This is troubling, since I now have risk positions in the market and no way to exit them.  Had there been a sudden crash in one of the 5 markets that I had open positions in, I could lose lots of money and the normal risk control measures, such as using stops or monitoring the markets and exiting positions when the market moves against me, were not going to work.  The only real comfort was that there were literally thousands of others in my same position, so I doubted that a sudden market run would occur.

I called my IB on Tuesday, and he suggested that I call MF Global and try to exit my orders.  I called MF Global and a harried soul answered the phone and told me that my funds had been frozen by a bankruptcy court and my positions were frozen, as the CME Group had suspended their access to their accounts.  Rather troubling turn of events, I must say.

By Wednesday I was reduced to checking on my smartphone to see what I feared would be a sudden move against me, eliminating the profits from what had been a good year of trading so far.  Fortunately, the market actually moved slightly in my favor, easing my concerns a little bit.  I still couldn’t exit any positions, however.  I debated adding money to another account that I could use to try to hedge, but I figured that I would have access to my account again before the money would be available for trading.  I tried to read as much as I could about the MF Global situation, and it was rather troubling.  It appears that their customers are about 11% short.  Not good, considering this was in supposedly segregated accounts.  While in my mind I knew this was probably theft, I was hoping that it was a simple clerical error.  Come to think about it, only the government would be stupid enough to make a $600M clerical error.  This had to be some sort of fraud.

Thursday came and after phone calls to my IB and MF Global I knew as little as before, except that things were not looking good.  I took some comfort in the markets continuing to move in a profitable direction for me.  Of course, it wasn’t hugely in my favor, but enough to keep full-fledged panic at bay for a while.

On Friday my IB told me that it appeared they would transfer the accounts to another broker so we could at least access our trades and eliminate some risk.  Unfortunately, most of the money in the account would still be frozen in the bankruptcy proceedings for who knows how long.

Over the weekend, I started getting account statements from MF Global and a new broker that had my account transferred to.  The MF Global statements still had all of my funds in them, much to my relief.  But that doesn’t really mean anything, really, I realized, since the October end-of-month statement also showed no sign of any problems, either.

Sunday night I realized that I had a problem.  The bankruptcy court only approved 75% of the maintenance margin (amount of money required to be in the account to keep a position open) for all of the trades, meaning that I would have to send in a fairly sizable sum by the end of Monday or close some of my trades.  Since about 80% of my account is still frozen, this isn’t a hard decision at all.  I closed most of my trades so I am under the margin requirement while I wait to see how long my money is frozen, and how much I eventually get back.

The good news is that Jon Corzine resigned, and was good enough not to seek his $12M severance pay.  How big of him!  I don’t know if he had anything to do with the missing $600M or not, but he is the head of this operation.  While my account is relatively small, and not the source of my livelihood, there are many thousands of others who are in a real bind.  I know that there are procedures to follow with bankruptcy, but if they don’t get their money back soon, we are going to be adding to our unemployment numbers.  As my IB told me today, the silver lining in all of this is that President Obama is unlikely to appoint Mr.

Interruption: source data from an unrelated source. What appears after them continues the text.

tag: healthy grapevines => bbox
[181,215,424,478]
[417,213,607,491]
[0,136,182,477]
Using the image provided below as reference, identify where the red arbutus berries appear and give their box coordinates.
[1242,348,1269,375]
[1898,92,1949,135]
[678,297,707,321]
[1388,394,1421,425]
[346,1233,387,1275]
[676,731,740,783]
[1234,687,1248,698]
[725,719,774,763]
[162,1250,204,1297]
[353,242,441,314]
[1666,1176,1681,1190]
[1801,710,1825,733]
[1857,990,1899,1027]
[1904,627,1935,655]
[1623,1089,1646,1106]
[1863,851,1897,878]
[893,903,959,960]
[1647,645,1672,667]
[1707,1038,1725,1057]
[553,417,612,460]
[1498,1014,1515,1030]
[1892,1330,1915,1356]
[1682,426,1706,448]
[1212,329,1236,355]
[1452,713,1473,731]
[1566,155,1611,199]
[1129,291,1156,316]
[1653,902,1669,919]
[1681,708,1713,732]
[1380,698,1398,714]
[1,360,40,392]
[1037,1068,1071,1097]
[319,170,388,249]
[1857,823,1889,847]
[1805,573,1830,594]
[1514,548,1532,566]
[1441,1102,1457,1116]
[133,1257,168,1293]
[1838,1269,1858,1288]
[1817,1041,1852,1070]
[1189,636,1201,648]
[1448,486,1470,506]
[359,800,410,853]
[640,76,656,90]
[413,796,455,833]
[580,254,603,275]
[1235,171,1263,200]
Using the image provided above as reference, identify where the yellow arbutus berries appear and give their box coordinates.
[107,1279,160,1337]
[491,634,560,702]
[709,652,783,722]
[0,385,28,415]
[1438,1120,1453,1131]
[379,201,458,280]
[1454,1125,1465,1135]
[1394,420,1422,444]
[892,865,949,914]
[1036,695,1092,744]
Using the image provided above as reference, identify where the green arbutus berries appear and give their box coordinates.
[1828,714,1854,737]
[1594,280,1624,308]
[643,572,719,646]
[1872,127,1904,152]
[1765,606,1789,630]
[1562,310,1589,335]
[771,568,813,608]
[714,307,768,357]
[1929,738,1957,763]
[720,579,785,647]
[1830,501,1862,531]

Corzine to be the next Treasury Secretary, as was rumored to happen soon.  I must say he appears to be over qualified for that job, given the rate of losses and missing money.

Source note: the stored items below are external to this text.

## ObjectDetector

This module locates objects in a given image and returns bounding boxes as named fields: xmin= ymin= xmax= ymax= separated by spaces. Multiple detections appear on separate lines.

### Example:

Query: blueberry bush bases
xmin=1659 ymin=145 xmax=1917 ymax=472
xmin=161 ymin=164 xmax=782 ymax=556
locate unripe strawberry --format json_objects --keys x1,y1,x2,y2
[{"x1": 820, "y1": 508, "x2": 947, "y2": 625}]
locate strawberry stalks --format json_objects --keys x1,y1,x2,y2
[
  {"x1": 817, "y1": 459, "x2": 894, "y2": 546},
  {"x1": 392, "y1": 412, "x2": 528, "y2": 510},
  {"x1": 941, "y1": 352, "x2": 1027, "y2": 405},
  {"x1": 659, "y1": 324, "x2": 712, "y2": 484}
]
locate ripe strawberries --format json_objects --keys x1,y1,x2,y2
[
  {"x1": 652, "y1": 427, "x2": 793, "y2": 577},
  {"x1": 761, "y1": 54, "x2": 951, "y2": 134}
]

I don’t know how this will play out;  the folks in Chicago that I’ve talked to seemed pretty sure that some folks were going to jail over this, as it is gross negligence at best, but more likely fraud.  Of course, whether we get our supposedly segregated funds back remains to be seen.  I guess if you are held up at gunpoint and robbed, or participating in supposedly well-regulated markets, robbery is still a threat.

And don’t chalk this one up to lack of regulations.  There are regulations all over the place, and now they have the government alphabet soup regulatory agencies poring over the files from MF Global.  Either the regulators are also culpable, or there is criminal activity, but the regulations are on the books.  Like gun control laws, financial regulations are only as strong as the conscience of those supposedly following them.  Criminals, whether blue collar or white collar, are criminals because they don’t follow the law, not because there aren’t enough laws.

 

Is Fannie Mae Still Buying Mortgages?

I refinanced my mortgage several months ago, seeking to capitalize on the ridiculously low interest rates the Fed insists in poisoning our economy with.  While they may be a boon to me, ultimately, these low rates will lead to money creation and ultimately a bubble somewhere;  If I had to guess, probably in US Treasury bonds.

This post could go several ways, as there are a couple of problems here.  One is the low interest rates, courtesy of the central bank, and not market forces.  The second is the function of Fannie Mae in the marketplace.

Are low interest rates good?  If you are a borrower, I’m sure you would answer in the affirmative.  If you are a lender or investor, they may not be such a boon.  I don’t know what the magic rate for interest rates, but I think it should be set in the marketplace without interference from the Fed or the government.  Because of the practices of the Fed, specifically purchasing treasuries and setting the interest rates that banks are charged, interest rates can be manipulated to be either high or low, which impacts decisions that market participants make.

Often we hear complaints about capitalism, and some may have validity.  Unfortunately, if you are looking at the United States and complaining about some excess or another, I don’t think you can pin the problem on capitalism, since we don’t have it here.  There are some elements of capitalism, but in my opinion, there are more instances of government interference that impact the market, minimizing its ability to correct imbalances or misallocations of capital.  The method used to keep score in the marketplace, money, is subject to manipulation.  As a business man, decisions you make can be severely impacted by a subsequent decision by the Fed or the government.  It is like attempting to play a game with the rules constantly changing.  Imagine playing football where the field changed dimensions, or where the football changed shape or weight.  Certainly, it is still possible to play, and the game could certainly be interesting, but as a coach or player, it is difficult to be consistent, as what worked one week may not be effective the next week.  The manipulation by the Fed and the government by picking winners or losers makes our markets not free, and our economic system not capitalistic.  We currently have a form of crony capitalism that is trending towards socialism.

As an investor, government manipulation of interest rates and the resulting bubbles makes investing very treacherous.  What may be a good strategy with one Fed stance may suddenly prove to be unprofitable when the Fed changes direction.  I believe that this uncertainty is at least partly fueling the uncertainty that is gripping our economy.

What the heck is Fannie Mae doing purchasing my mortgage?  While there may be some well-intentioned purpose for this risk transference scheme, the eventual effect of such a transaction is to eliminate risk from the bank that issued the mortgage and transfer the risk to Fannie Mae.  But guess who ultimately guarantees the mortgages held by Fannie Mae?  The US government, or all of us, ultimately, since Fannie Mae is a government-sponsored enterprise.  The government is still purchasing mortgages, thus relieving the banks of long-term risk from the mortgages if they are risky.  Certainly the level of documentation required to get a mortgage is much higher than it was in 2005 when we obtained the mortgage.  I’m sure the banks are doing a better job of ensuring that the people that they sell mortgages to can pay them back, but I submit that if they were going to keep the mortgages on their books, they would have a different level of scrutiny than if they can off-load them to Fannie Mae within 6 weeks of closing.

Have we learned anything since the last meltdown?  It appears that it is still business as usual.  What do you think?